O Flamengo o contratou nesta janela por 5 milhões de euros, com vínculo até 2031. O atacante recebeu a camisa 14 e já está integrado ao elenco de Leonardo Jardim.

Dois caminhos que voltaram a se cruzar

A presença de Valencia e Plata no mesmo elenco do Flamengo também tem um componente curioso.

Quando a contratação de Anthony começou a ser encaminhada, Gonzalo Plata estava perto de deixar o clube para o Dínamo Moscou.

O negócio acabou cancelado depois dos exames médicos realizados na Rússia, e Plata retornou ao Flamengo.

Leonardo Jardim reintegrou o equatoriano ao grupo e voltou a tratá-lo como opção para a sequência da temporada.

Poucos dias depois, o cenário produziu uma situação que inicialmente parecia improvável: Plata e Valencia passaram a dividir novamente o mesmo ambiente, agora no Flamengo.

E o reencontro acontece justamente às vésperas de uma viagem ao lugar onde os dois deram passos importantes na formação.

Plata retorna após semana turbulenta

Para Gonzalo Plata, a partida ainda carrega outro componente.

O atacante retorna ao Equador depois de uma sequência movimentada fora de campo.

Sua transferência para o Dínamo Moscou parecia encaminhada, mas o clube russo desistiu do negócio após os exames médicos. Plata ficou vários dias afastado da rotina do Flamengo e depois se reapresentou em Belém antes de seguir com a delegação para Quito.

Nesta terça-feira, participou normalmente do primeiro treinamento rubro-negro em solo equatoriano.

Leonardo Jardim ainda avaliará como utilizar o jogador depois do período sem atividades regulares.

Mesmo que comece no banco, sua presença diante do Independiente del Valle tem um peso simbólico evidente.

Valencia pode viver primeiros minutos importantes

Para Anthony Valencia, o contexto é quase o oposto.

Enquanto Plata retorna depois de uma possível saída, Valencia está apenas começando sua trajetória no Flamengo.

O atacante chegou ao clube há poucos dias, foi integrado ao grupo e está à disposição para a sequência de partidas.

Sua primeira grande experiência continental pelo Flamengo pode acontecer justamente contra a equipe onde cresceu.

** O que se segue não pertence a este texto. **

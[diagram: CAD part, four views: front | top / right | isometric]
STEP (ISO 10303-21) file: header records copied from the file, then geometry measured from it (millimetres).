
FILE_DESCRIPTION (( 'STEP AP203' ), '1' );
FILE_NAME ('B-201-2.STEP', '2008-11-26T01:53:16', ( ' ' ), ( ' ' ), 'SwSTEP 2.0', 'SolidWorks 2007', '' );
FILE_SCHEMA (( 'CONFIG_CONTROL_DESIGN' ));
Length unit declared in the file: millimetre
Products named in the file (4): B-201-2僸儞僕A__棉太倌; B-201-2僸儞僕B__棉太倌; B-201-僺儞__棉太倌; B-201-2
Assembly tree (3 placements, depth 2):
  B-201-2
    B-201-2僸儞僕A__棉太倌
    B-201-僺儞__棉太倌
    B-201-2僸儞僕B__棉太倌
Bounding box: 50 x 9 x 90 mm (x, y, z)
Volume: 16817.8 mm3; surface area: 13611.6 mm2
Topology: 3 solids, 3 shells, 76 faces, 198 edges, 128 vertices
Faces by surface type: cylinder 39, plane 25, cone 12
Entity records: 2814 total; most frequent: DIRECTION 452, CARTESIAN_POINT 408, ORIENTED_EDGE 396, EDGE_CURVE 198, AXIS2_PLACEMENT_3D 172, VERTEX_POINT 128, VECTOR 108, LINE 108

O próprio Independiente del Valle ainda mantém pessoas que acompanharam de perto sua evolução.

Santiago Morales, dirigente histórico do projeto esportivo do clube, destacou recentemente o crescimento de Valencia e lembrou sua passagem pela estrutura de formação.

Del Valle transformou formação em identidade

A presença dos dois equatorianos também ajuda a explicar por que o Independiente del Valle se tornou um adversário tão particular no futebol sul-americano.

O clube construiu parte de sua força investindo em formação de jogadores.

Plata e Valencia fazem parte de uma lista que inclui nomes como Moisés Caicedo, William Pacho e outros atletas que deixaram o Equador para ganhar espaço em ligas importantes.

O Flamengo encontrará, portanto, não apenas uma equipe acostumada a competir em torneios continentais.

Encontrará também um clube que conhece profundamente dois atletas que hoje fazem parte de seu próprio elenco.